In only a few minutes, Spain and Portugal (whose grid and energy policies are interconnected) went dark, along with parts of France. The Spanish government discovered modesty, but only temporarily. By Tuesday Socialist President Pedro Sánchez was blaming private industry. With havoc in the cities and trains stuck in the countryside, he held a press conference to address what he acknowledged was an unprecedented disaster. With half the country still without access to electricity, Mr. Sánchez asked Spaniards to limit use of cars and cellphones as the government investigated.
While the discrete triggering event isn’t yet known, any reliable grid system must be designed with such events in mind, be they meteorological or technical.

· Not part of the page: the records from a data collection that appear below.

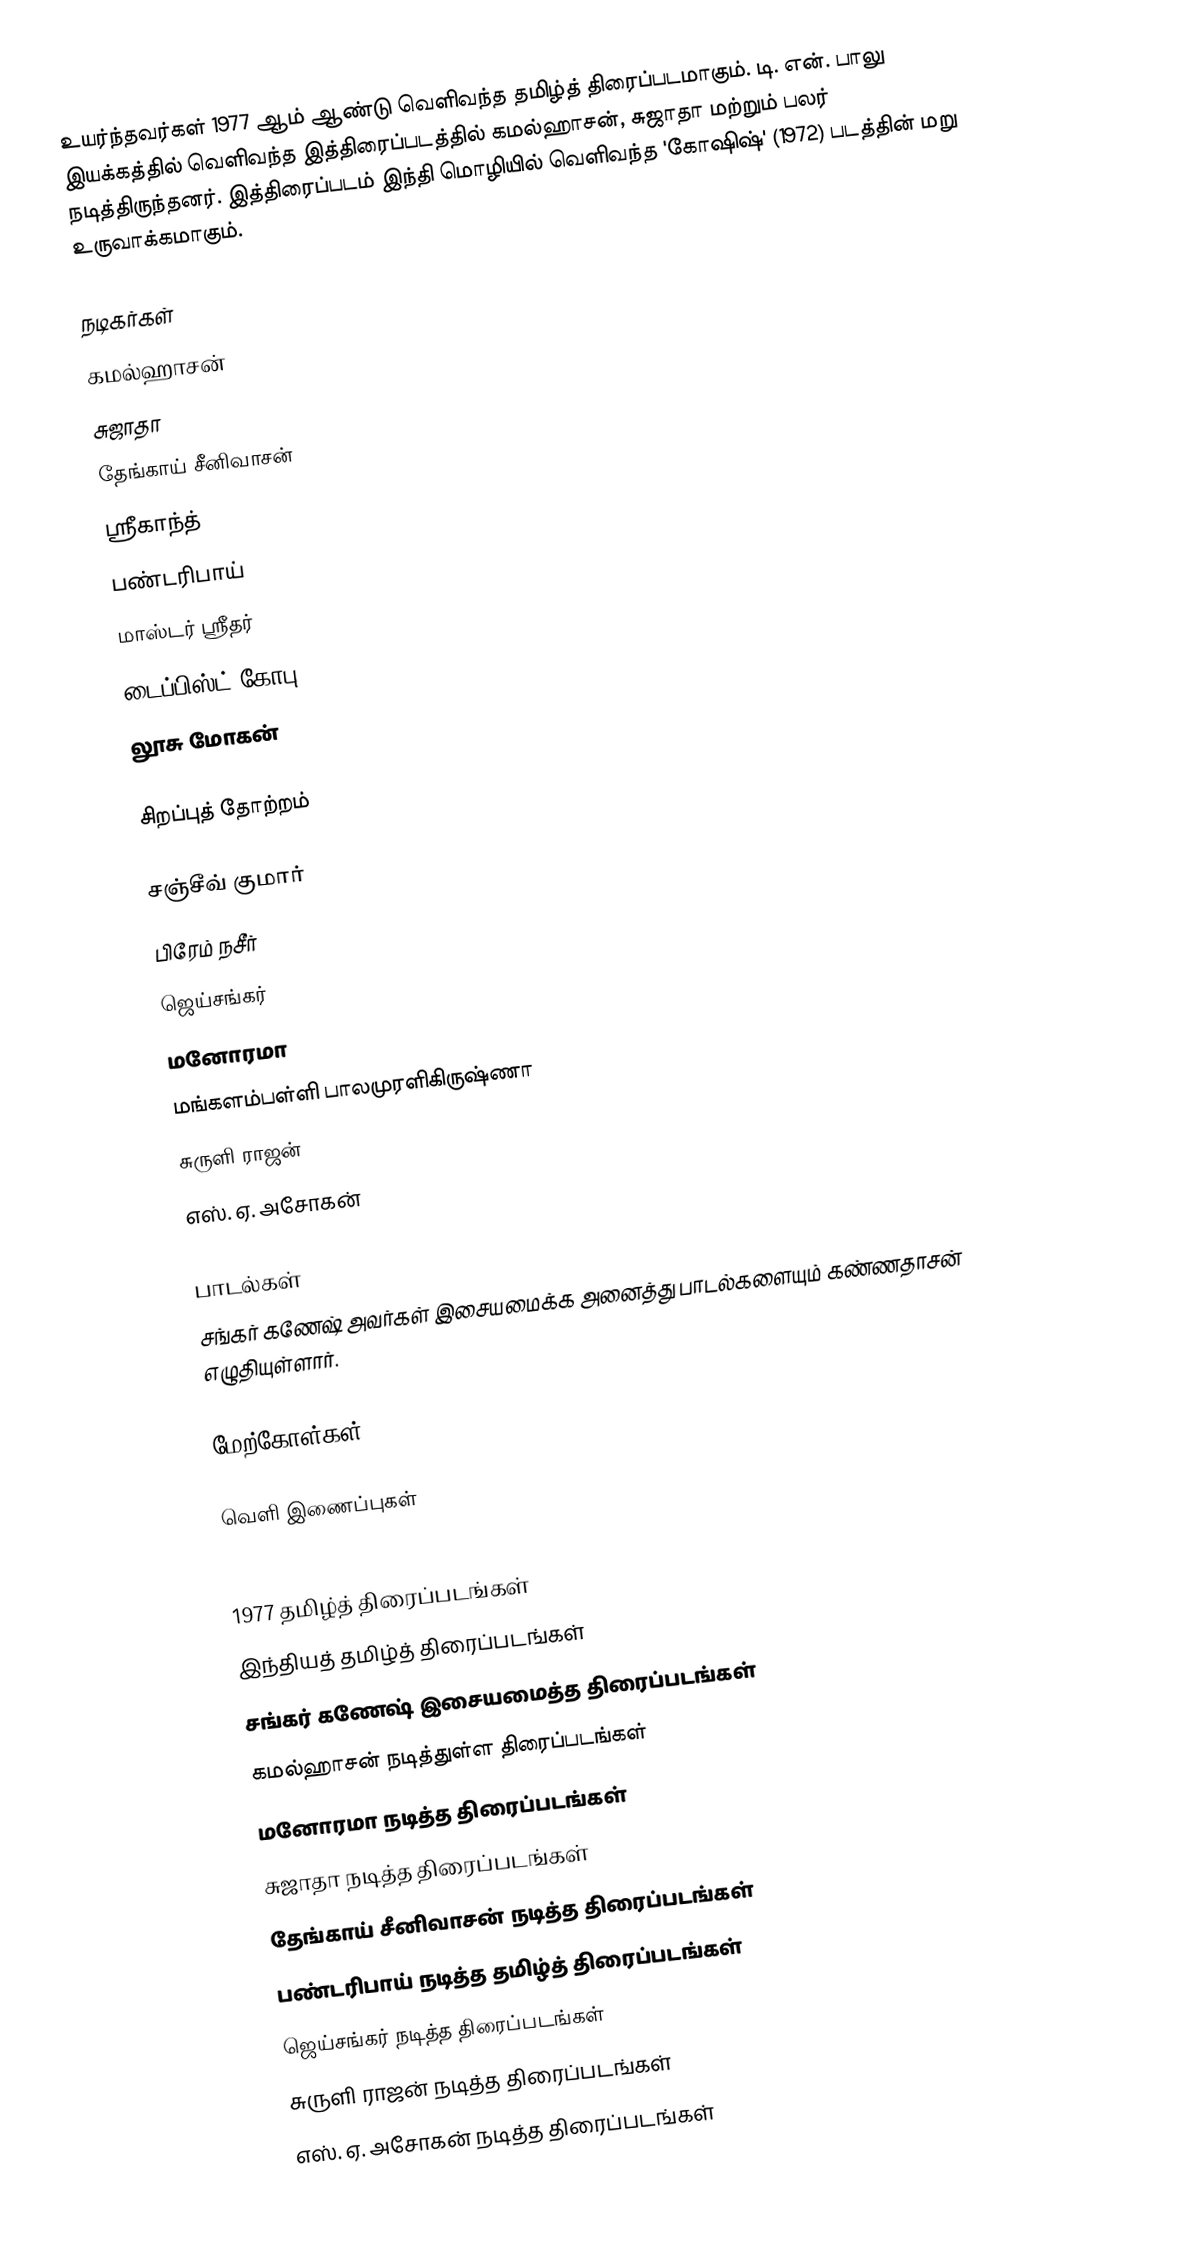
உயர்ந்தவர்கள் 1977 ஆம் ஆண்டு வெளிவந்த தமிழ்த் திரைப்படமாகும். டி. என். பாலு இயக்கத்தில் வெளிவந்த இத்திரைப்படத்தில் கமல்ஹாசன், சுஜாதா மற்றும் பலர் நடித்திருந்தனர். இத்திரைப்படம் இந்தி மொழியில் வெளிவந்த 'கோஷிஷ்' (1972) படத்தின் மறு உருவாக்கமாகும்.

நடிகர்கள்
கமல்ஹாசன்
சுஜாதா
தேங்காய் சீனிவாசன்
ஸ்ரீகாந்த்
பண்டரிபாய்
மாஸ்டர் ஸ்ரீதர்
டைப்பிஸ்ட் கோபு
லூசு மோகன்

சிறப்புத் தோற்றம்

சஞ்சீவ் குமார்
பிரேம் நசீர்
ஜெய்சங்கர்
மனோரமா
மங்களம்பள்ளி பாலமுரளிகிருஷ்ணா
சுருளி ராஜன்
எஸ். ஏ. அசோகன்

பாடல்கள்
சங்கர் கணேஷ் அவர்கள் இசையமைக்க அனைத்து பாடல்களையும் கண்ணதாசன் எழுதியுள்ளார்.

மேற்கோள்கள்

வெளி இணைப்புகள்

1977 தமிழ்த் திரைப்படங்கள்
இந்தியத் தமிழ்த் திரைப்படங்கள்
சங்கர் கணேஷ் இசையமைத்த திரைப்படங்கள்
கமல்ஹாசன் நடித்துள்ள திரைப்படங்கள்
மனோரமா நடித்த திரைப்படங்கள்
சுஜாதா நடித்த திரைப்படங்கள்
தேங்காய் சீனிவாசன் நடித்த திரைப்படங்கள்
பண்டரிபாய் நடித்த தமிழ்த் திரைப்படங்கள்
ஜெய்சங்கர் நடித்த திரைப்படங்கள்
சுருளி ராஜன் நடித்த திரைப்படங்கள்
எஸ். ஏ. அசோகன் நடித்த திரைப்படங்கள்

The stability of an electrical grid depends on a balance maintained through synchronous generation using turbines that store energy in their rotating generators. These generators provide inertia that can stabilize the grid if the network load exceeds the capacity of connected power plants—or in the opposite case, if there’s excess generation.
The greater the share of renewables vis-à-vis conventional power plants with synchronous turbines, the less inertia there is to cushion instantaneous load fluctuations in the grid. The system becomes increasingly fragile, with higher risk of failure.

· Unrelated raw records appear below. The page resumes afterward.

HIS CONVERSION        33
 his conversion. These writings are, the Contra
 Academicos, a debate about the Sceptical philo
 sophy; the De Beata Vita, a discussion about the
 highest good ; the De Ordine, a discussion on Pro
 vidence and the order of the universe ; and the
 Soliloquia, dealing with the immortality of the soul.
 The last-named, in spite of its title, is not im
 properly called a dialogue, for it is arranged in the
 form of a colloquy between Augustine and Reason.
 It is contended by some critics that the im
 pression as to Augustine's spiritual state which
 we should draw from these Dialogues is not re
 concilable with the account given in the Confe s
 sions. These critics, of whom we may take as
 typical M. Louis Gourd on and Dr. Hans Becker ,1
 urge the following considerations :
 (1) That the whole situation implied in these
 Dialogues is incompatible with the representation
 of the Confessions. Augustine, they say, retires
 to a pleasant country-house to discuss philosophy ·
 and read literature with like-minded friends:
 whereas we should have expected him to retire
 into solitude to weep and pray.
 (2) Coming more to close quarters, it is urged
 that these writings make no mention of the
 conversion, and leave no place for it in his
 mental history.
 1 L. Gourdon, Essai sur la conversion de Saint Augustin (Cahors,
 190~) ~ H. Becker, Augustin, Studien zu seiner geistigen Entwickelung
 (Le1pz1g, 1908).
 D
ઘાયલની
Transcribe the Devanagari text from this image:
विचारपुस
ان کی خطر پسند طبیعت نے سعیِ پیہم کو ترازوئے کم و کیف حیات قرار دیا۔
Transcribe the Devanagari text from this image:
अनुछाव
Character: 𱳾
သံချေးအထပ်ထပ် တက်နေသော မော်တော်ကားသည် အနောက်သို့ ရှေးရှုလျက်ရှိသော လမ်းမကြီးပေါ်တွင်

At the time of the disaster, Spain’s near-record percentage of solar-energy production was accompanied by a smaller amount of wind—neither of which are capable of stabilizing the system if needed. The grid was also running with a low share of turbine-based generation—around 30%. Low inertia meant playing with fire (or, more accurately, with the sun, given that Spain’s policymakers minimized thermal generation).
A combination of low market prices and a high punitive tax burden—accounting for 75% of the variable cost of energy production—also left half of the country’s nuclear capacity out of the game. This meant that Spain’s electrical grid was operating with very little margin for error, a risky game that the Spanish government has been playing more aggressively each year since energy-transitionist ideologues took power two decades ago.

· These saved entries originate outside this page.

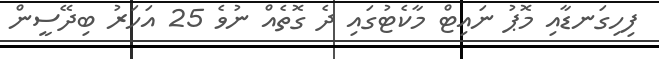
ފިހިގަނޑާއި މޮޕު ނައިޓް މާކެޓުގައި ދެ ގޮތެއް ނުވެ 25 އަހަރު ބިދޭސީން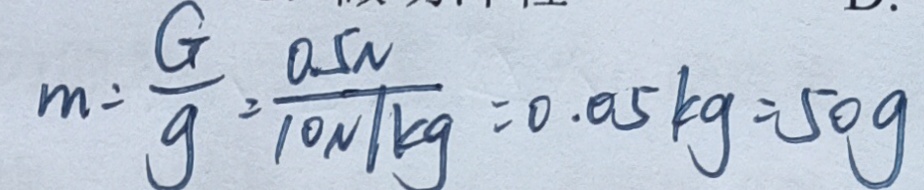
m = \frac { G } { g } = \frac { 0 . 5 N } { 1 0 N / k g } = 0 . 0 5 k g = 5 0 g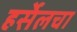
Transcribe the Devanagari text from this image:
हर्सेलचा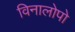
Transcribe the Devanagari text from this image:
विनालोपो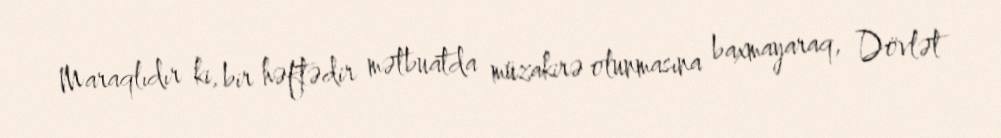
Maraqlıdır ki, bir həftədir mətbuatda müzakirə olunmasına baxmayaraq, Dövlət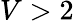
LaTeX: V>2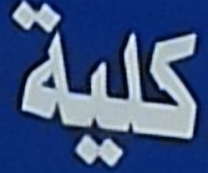
كلية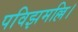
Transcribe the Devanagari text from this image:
पविझमल्लि।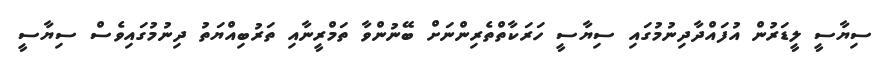
ސިޔާސީ ލީޑަރުން އުފައްދާދިނުމުގައި ސިޔާސީ ހަރަކާތްތެރިންނަށް ބޭނުންވާ ތަމްރީނާއި ތަރުބިއްޔަތު ދިނުމުގައިވެސް ސިޔާސީ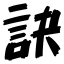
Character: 訣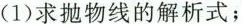
(1)求抛物线的解析式；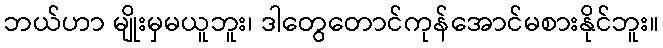
ဘယ်ဟာ မျိုးမှမယူဘူး၊ ဒါတွေတောင်ကုန်အောင်မစားနိုင်ဘူး။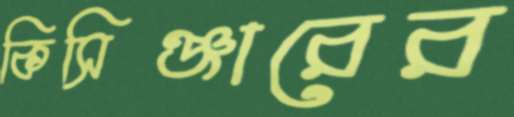
কিসিঞ্জারের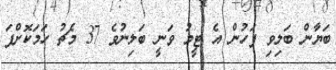
ބަޔާން ބަލިވި ފަހުން އެ ޓީމު ވަނީ ބަލިނުވެ 37 މެޗު ހަމަކޮށްފަ

Between April 2024 and April 2025, the most relevant synchronous generation sources—nuclear, combined cycle and hydroelectric—fell from an average of 30.5% to 23%. The few voices that warned of the considerable risk of forcing in too much renewable power were marginalized by the system operator. This state-controlled company that manages the grid forcefully denied the possibility of blackouts. Media outlets supportive of the government amplified these denials.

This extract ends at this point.